すぐさま左に振り抜いていた槍を一気に右下の方向へ叩き付ける。火の付いた外套の下にある男の右肩を槍竿が強かに打つと、流石に男も堪らず倒れた。
エミールは追い討ちを掛けるように、男の胸を蹴り上げて仰向けにひっくり返す。彼の左腰に繋がる魔道具が、外套の下からごろりと現れた。
「もらったぁ!」
ばきり。
エミールの雄叫びと共に、槍の穂先が手提げのランプに似た魔道具を貫く。外殻を構成していた不透明なガラスが砕かれ、中身の紫色に発光していた何かが沈黙した。
おそらくこれで魔物を操ることは出来なくなっただろう。少なくともこの場における事態収束の目処がついた。

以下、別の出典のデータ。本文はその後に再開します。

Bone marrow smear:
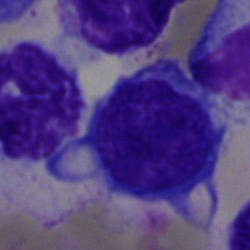

Specimen: bone marrow smear.
Cell: blast cell.
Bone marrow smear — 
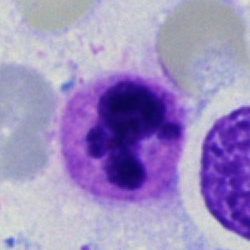

Morphological class = neutrophil (segmented).
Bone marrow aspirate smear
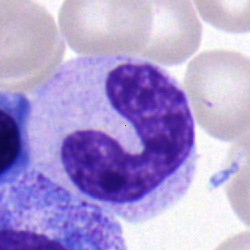
A stab cell.
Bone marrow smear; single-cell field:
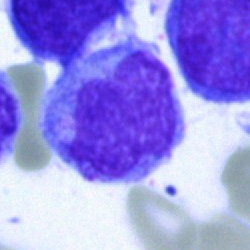

Morphological class: blast.
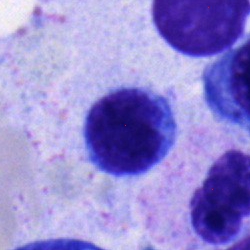
Lymphocyte.
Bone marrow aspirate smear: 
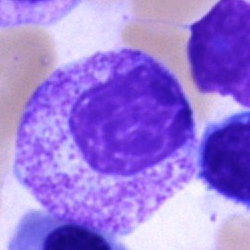 This is a myelocyte.
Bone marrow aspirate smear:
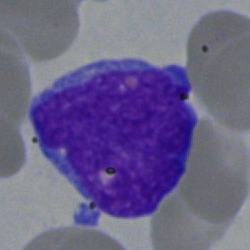
The cell type is blast.
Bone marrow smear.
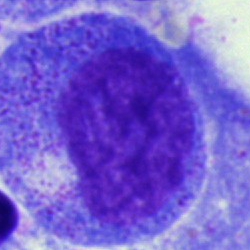

Specimen: bone marrow smear.
Morphological class: promyelocyte.
Lineage: myeloid.
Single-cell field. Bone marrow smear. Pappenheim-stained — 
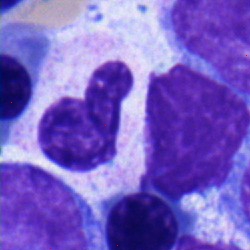

Impression → stab cell.
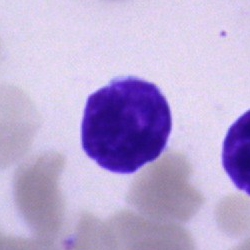 A lymphocyte.
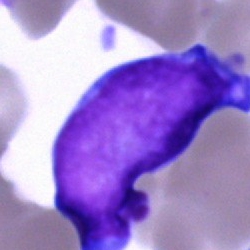

Classification: blast cell.
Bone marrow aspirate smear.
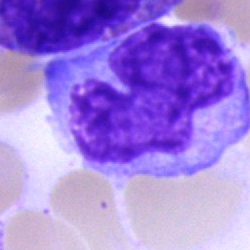

Showing a monocyte.
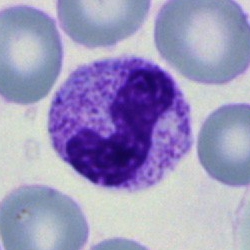The cell is neutrophil (segmented).
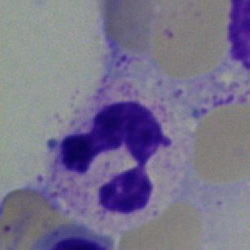 This is a polymorphonuclear neutrophil.
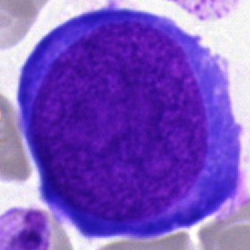
A pronormoblast on a bone marrow smear.
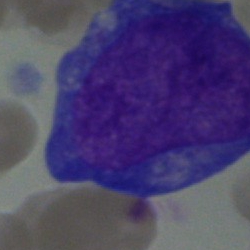Q: What is shown here?
A: A basophil.
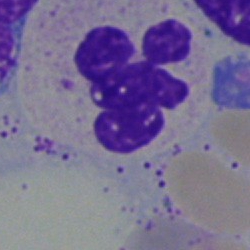

The cell is polymorphonuclear neutrophil.
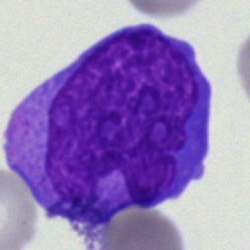Morphology — undifferentiated blast.
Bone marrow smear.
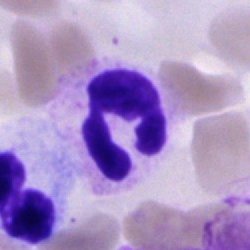

{"cell_type": "polymorphonuclear neutrophil", "lineage": "myeloid"}
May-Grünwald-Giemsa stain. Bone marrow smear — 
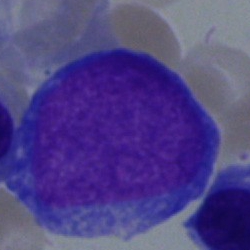

The cell type is undifferentiated blast.
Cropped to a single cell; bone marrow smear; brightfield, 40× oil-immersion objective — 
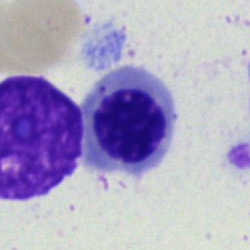Q: What is shown here?
A: It is a normoblast.
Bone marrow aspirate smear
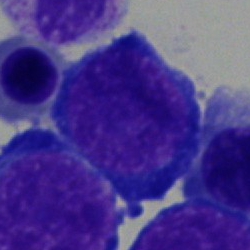This is an erythroblast.
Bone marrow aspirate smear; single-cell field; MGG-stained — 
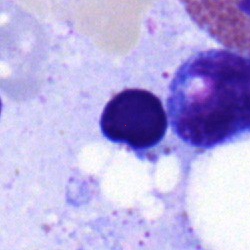 Q: What is shown here?
A: This is a normoblast.
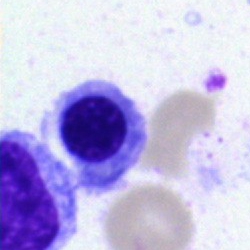

Q: What cell is this?
A: This is an erythroblast.
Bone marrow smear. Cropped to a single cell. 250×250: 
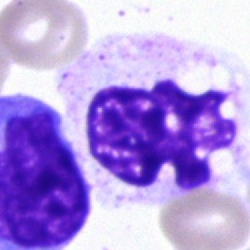
Morphology consistent with a segmented neutrophil.
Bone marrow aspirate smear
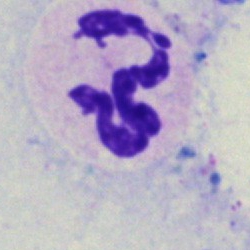Q: Which cell type is shown here?
A: It is a neutrophil (segmented).
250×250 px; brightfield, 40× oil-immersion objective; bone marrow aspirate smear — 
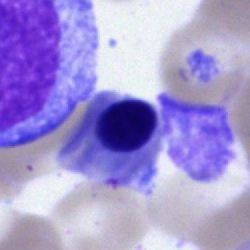

Classification: normoblast.
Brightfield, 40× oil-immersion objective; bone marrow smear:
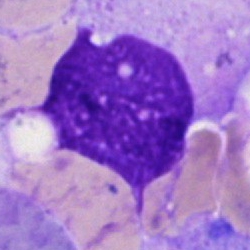Impression — artefact.

ふぅと安堵の息を吐く。その瞬間、目の前に燃え盛る布地が飛び込んできた。
「おわっ⁉︎」
エミールは反射的に槍を振り上げて、火達磨と化した外套を追い払う。男が纏っていたそれを見て、気付く。仰向けに倒れていた筈の男が、跡形もなく消えていた。
視線を上げれば、森の奥へ走り去る男の姿が。
「あっ、待て! っぐ……」
男を追いかけようとしたエミールを左腕と胸の傷が引き留める。痛覚をねじ伏せていたアドレナリンが切れてしまったらしく、途轍もない苦痛が襲ってきた。特に斬撃を受けた左前腕が絶叫を上げており、最早両手で槍を構えることも難しいだろう。
「大丈夫か、おい」
「……ダミアン」
無事を確かめる言葉を掛けながら、赤髪の若者ダミアンが駆け寄って来る。どうやら助太刀に駆け付けてくれたらしい。先程の危うく腹を刺されそうになった際、工作員の男の肩が突然燃え上がったのも、彼の魔術によるものだったのだろう。

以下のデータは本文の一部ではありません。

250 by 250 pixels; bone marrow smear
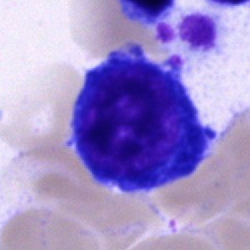 Pronormoblast.
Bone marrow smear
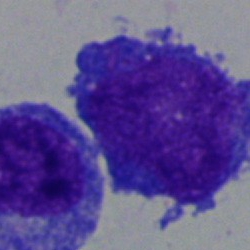

Showing a blast.
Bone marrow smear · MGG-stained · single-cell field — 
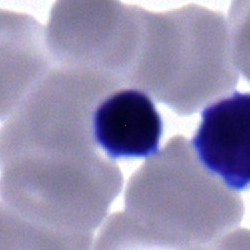 Specimen: bone marrow smear.
Morphological class: lymphocyte.
Lineage: lymphoid.
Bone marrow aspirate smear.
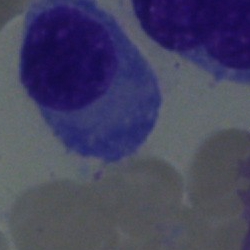

A plasmacyte.
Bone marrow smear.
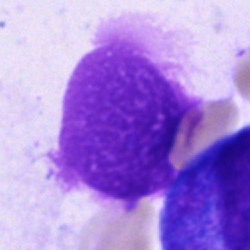 Cell type — artifact.
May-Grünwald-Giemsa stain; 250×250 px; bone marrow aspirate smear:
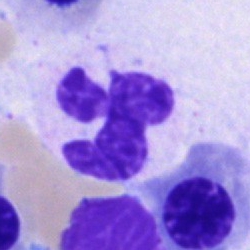

Impression → neutrophil (segmented).
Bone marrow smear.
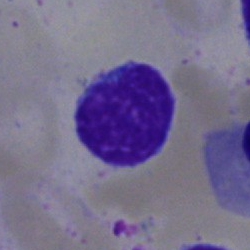 The morphological class is lymphocyte.
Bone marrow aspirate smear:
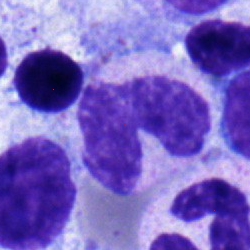 The cell is band neutrophil.
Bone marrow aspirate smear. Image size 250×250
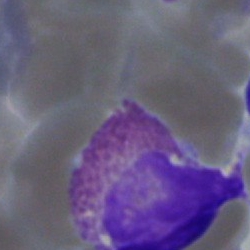
An eosinophil.
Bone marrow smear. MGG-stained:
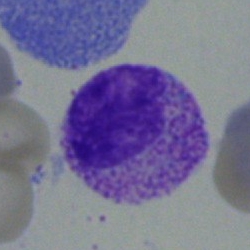
Q: Which cell type is shown here?
A: Myelocyte.
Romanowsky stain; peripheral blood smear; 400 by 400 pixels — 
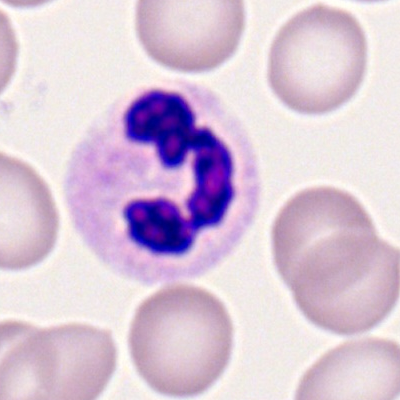 This is a polymorphonuclear neutrophil.
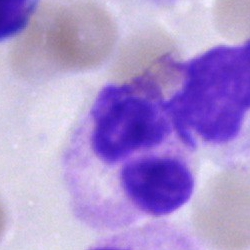

Classification: segmented neutrophil.
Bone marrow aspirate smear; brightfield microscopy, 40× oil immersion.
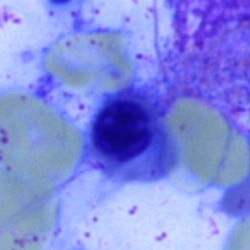A nucleated red cell.
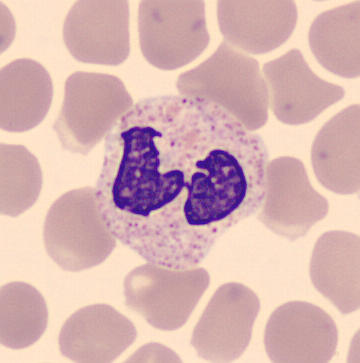Image: Peripheral blood smear.

This is a polymorphonuclear neutrophil.
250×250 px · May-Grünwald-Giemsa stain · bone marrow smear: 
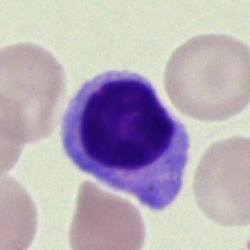 Morphology consistent with an erythroblast.
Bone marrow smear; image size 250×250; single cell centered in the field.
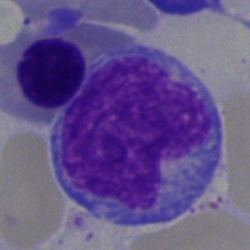
Cell — monocyte.
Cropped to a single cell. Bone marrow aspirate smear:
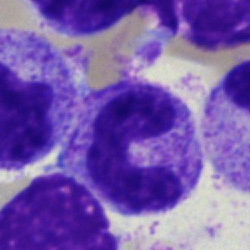 Q: Identify the cell.
A: It is a band neutrophil.
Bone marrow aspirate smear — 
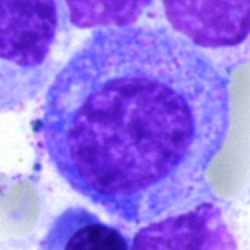Classification: progranulocyte.
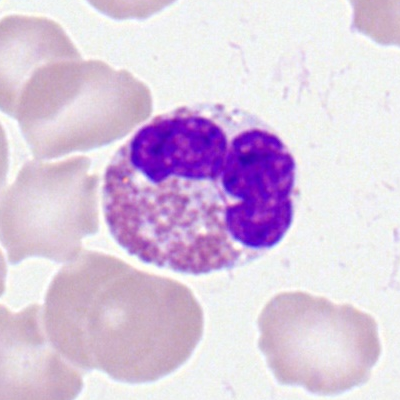

Specimen: peripheral blood film.
Cell type: eosinophilic granulocyte.
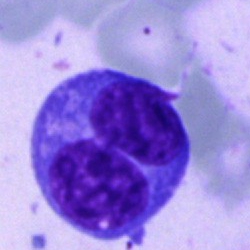

Single cell identified as an undifferentiated blast.

エミールはダミアンの言葉に対し、ぽつりと彼の名を口にすることで返事とした。その途端、瞳から涙が溢れ出す。ぎょっとする目の前のダミアンの存在も忘れてエミールは己を抱いて震え始めた。
今になって恐怖が全身に覆い被さり、心臓を凍らせる。冷や汗と涙を垂れ流しながら、エミールは胸の奥底に抑えられていた感情を吐き出した。
「……死ぬかと思った。お、終わったかと……」
そこまで言うと、膝が崩れる。縋るように右腕だけで槍に抱き付き杖として体を支えたが、嗚咽は止まらない。
「おい、マジで大丈夫かよ……ってルイはどうした?」
「あっ、そうだ。ルイは魔狼を相手に──」
ダミアンの言葉で我に返ったエミールは、乱暴に涙を拭ってルイの方へ振り返ると、木々の間で血塗れになった黒髪の青年が息を切らしていた。その足元には二頭の大柄な狼が息絶えている。
「ルイ!」
槍を杖にして立ち上がり、左腕を庇うようにしてルイの方へ駆け寄ると、彼は勢いよく首をこちらに回した。

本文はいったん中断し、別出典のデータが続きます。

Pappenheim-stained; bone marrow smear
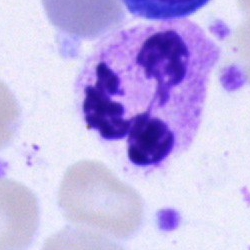 Q: What type of cell is this?
A: It is a neutrophil (segmented).
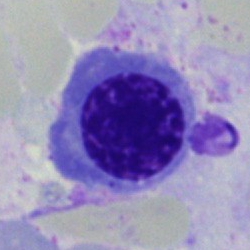 Bone marrow smear showing an erythroblast.
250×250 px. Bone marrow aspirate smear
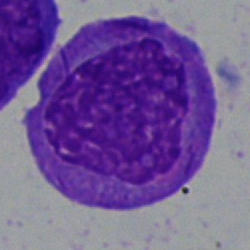
Morphology → progranulocyte.
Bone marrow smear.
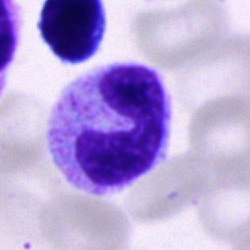A neutrophil (band).
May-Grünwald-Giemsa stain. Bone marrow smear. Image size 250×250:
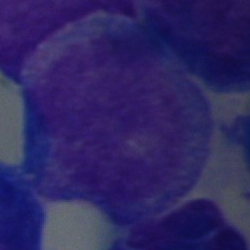Q: Which cell type is shown here?
A: This is a myelocyte.
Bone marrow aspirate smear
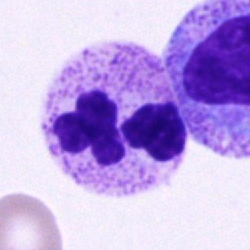 The cell shown is a segmented neutrophil.
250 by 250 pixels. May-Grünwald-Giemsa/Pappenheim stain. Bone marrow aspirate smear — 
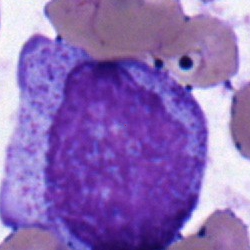 Showing a progranulocyte.
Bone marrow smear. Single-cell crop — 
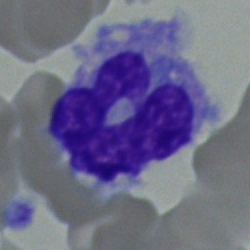 Specimen: bone marrow smear.
Cell: monocyte.
Lineage: myeloid.
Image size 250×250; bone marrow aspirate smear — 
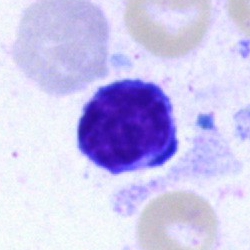

Q: Which cell type is shown here?
A: It is a lymphocyte.
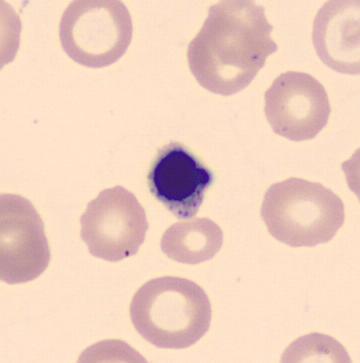
Nucleated red blood cell.

Preparation: Peripheral blood smear. CellaVision DM96.

「エミール! だいじょ……その怪我! 早く治療しないと!」
「こっちの台詞だ! そんな血塗れで」
「全部返り血だから平気。それよりエミールが」
「見た目ほどじゃねえよ。お前が魔力操作の鍛錬に付き合ってくれたおかげでな」
そう言って挙げた左手に魔力を宿し、魔力による鎧が傷を浅くしたのだと言外に示してみせた。
事実、ルイの指導を受けて魔力操作の技能を向上させていなければ、命を落としていてもおかしくなかった。男の刺突を胸で受け止めた時も、腕を剣で殴られた時も、魔力による防御が十分でなければ致命傷となり得ただろう。
もしルイに指導を頼んでいなければ、そもそもルイと出会えていなかったら──。
エミールの背中を、冷たい汗が一つ流れた。
「ところで魔狼は? 死体が二頭分だけだが」
全長二メートルはあるであろう巨体の狼、その物言わぬ屍を見下ろしながらエミールは尋ねる。
「もう二頭は突然おろおろしたかと思ったら、逃げ出しちゃったよ。ほんのついさっきに──ってそういえばあの男は?」
「逃げられた。ただ魔道具は壊せたから、魔物が押し寄せて来ることはもうないだろう。魔狼が逃げたのも、魔道具が壊れて影響下から抜けたからだろうな」
これで一安心だと、二人は互いに息を吐く。そこへ三人目の声が掛かった。
「で、どういうことなんだ? お前らが森の奥へ向かうのを見かけて追いかけてくれば、エミールは殺されそうになってるし、魔道具って何の話だ、あの男は何モンよ?」
ダミアンが片眉を上げて問い詰める。当然の疑問にエミールは正直に答えていった。
魔物の群れに統制された様子が見られたため、統率者を探すようルイに頼んでおいたこと。その結果、魔道具を持つ怪しい男を発見、彼が魔物を操っているとみて独断で捕らえようとしたこと。そして魔道具を破壊出来た以上、この場に魔物が押し寄せて来る可能性は低いであろうことも全て。
「んで、あの男が何者だったのかは分からんが、結構な手練だったぞ。しかも闇魔術の使い手だ」
「おいおい……面倒臭えことになってきたじゃんよー」
しかめっ面を作るダミアンに、エミールは無理もないと思う。
闇の魔術に手慣れた者は、大抵が裏社会の人間か何らかの諜報機関など、表沙汰に出来ない組織に所属する人間だ。そんな者が魔物を操る魔道具を持ち、あまつさえ貴族子女の通う学園の生徒らを狙い澄まして襲撃した疑いさえある。きな臭いどころの話ではない。
彼の気持ちも理解できるが、この戦場を片付けるのが先だった。エミールは強引に会話を打ち切る。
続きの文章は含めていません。